Album Reviews

Photo

John Mayer

Battle Studies  Hear it Now

RS: 3of 5 Stars

2009

Play View John Mayer's page on Rhapsody

John Mayer — what a curious case. As a pop personality, the guy's a barrel of laughs. He's a tabloid fixture who wears his celebrity with a wink: modeling Borat's onesie swimsuit, starring in goofy YouTube videos, and generally disarming, with wit and self-deprecation, the millions inclined to hate a starlet-shagging guitar virtuoso. But then Mayer steps into a studio, and the fun spigot claps shut. It's as if Mayer, burdened by his status as heir apparent to the Clapton-Sting-Knopfler tradition of classy pop-rock classicism, pulls on a mask: the Furrowed Middlebrow.

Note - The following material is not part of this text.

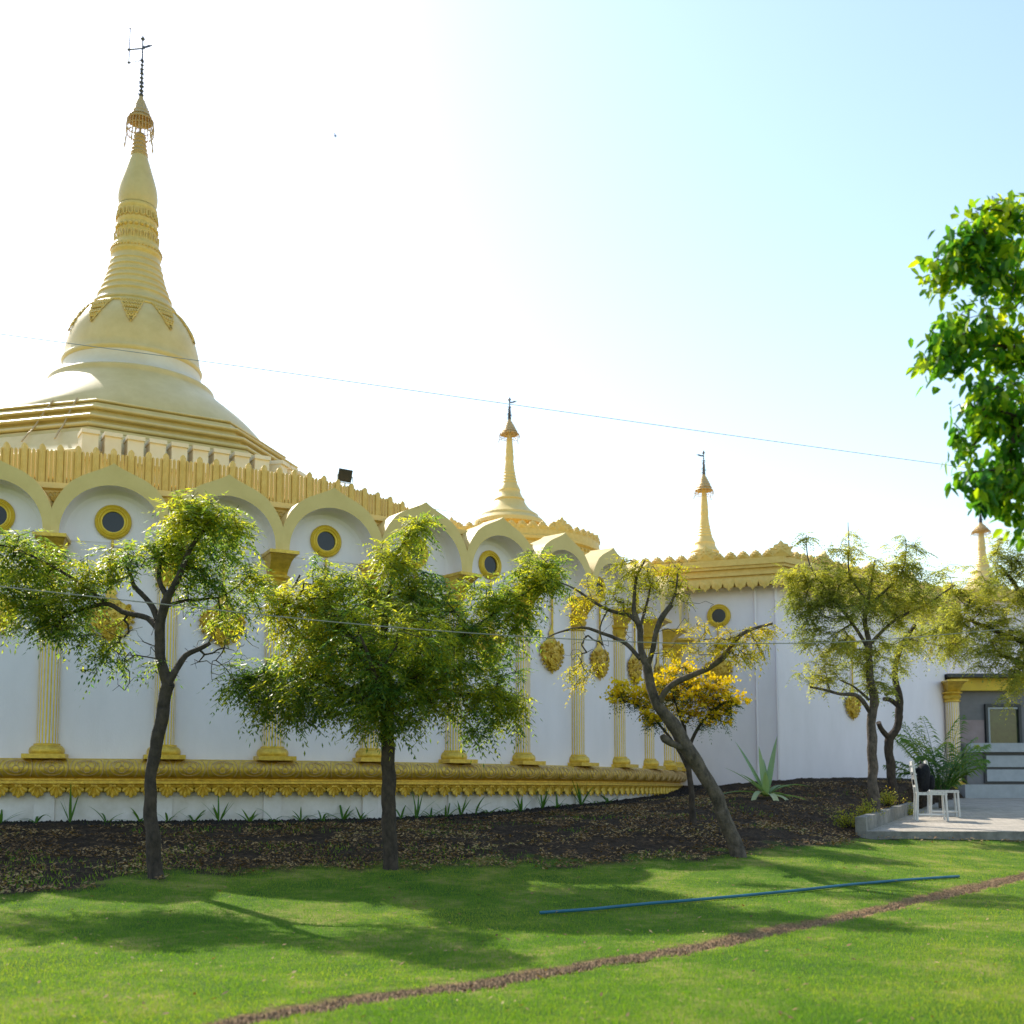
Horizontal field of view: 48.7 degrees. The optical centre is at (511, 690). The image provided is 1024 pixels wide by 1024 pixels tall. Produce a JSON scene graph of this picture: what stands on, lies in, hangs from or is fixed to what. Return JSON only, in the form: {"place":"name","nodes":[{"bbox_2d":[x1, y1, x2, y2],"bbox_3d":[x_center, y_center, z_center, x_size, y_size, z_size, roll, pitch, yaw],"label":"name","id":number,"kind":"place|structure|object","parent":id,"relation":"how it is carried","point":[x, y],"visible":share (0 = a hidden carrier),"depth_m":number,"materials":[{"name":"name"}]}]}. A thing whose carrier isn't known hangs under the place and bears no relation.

Video: John Mayer on the "Vulgar Relationship" Behind his New LP

There's no doubting the man's chops. Battle Studies is a real study in craftsmanship and understated guitar ninja-dom, and musos will thrill to Mayer's deconstruction of Robert Johnson's "Crossroads." But the solemnity is suffocating. On "Heartbreak Warfare," Mayer delivers U2-style guitar and strained war metaphors: "Clouds of sulfur in the air/Bombs are falling everywhere." That bust-up with Jennifer Aniston was bad, but was it really like the firebombing of Tokyo?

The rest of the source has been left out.